** Prompt **
Locate the line containing "Q: Is the spacing between letters" in the data below. Reproduce it and every following line up to the end, exactly as given.

** Data section **
__________

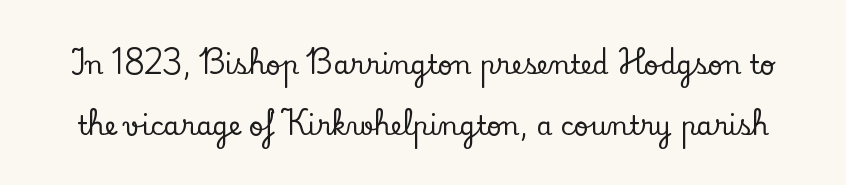
Q: Is the text italic (slanted)? A: No, it is upright.
Q: Is the text underlined? A: No.
Q: Is the spacing between letters normal or unusually wide? A: Normal.
Q: Is the spacing between lines tight, normal or loose? A: Loose.

__________

** Result for this exercise **
Q: Is the spacing between letters normal or unusually wide? A: Normal.
Q: Is the spacing between lines tight, normal or loose? A: Loose.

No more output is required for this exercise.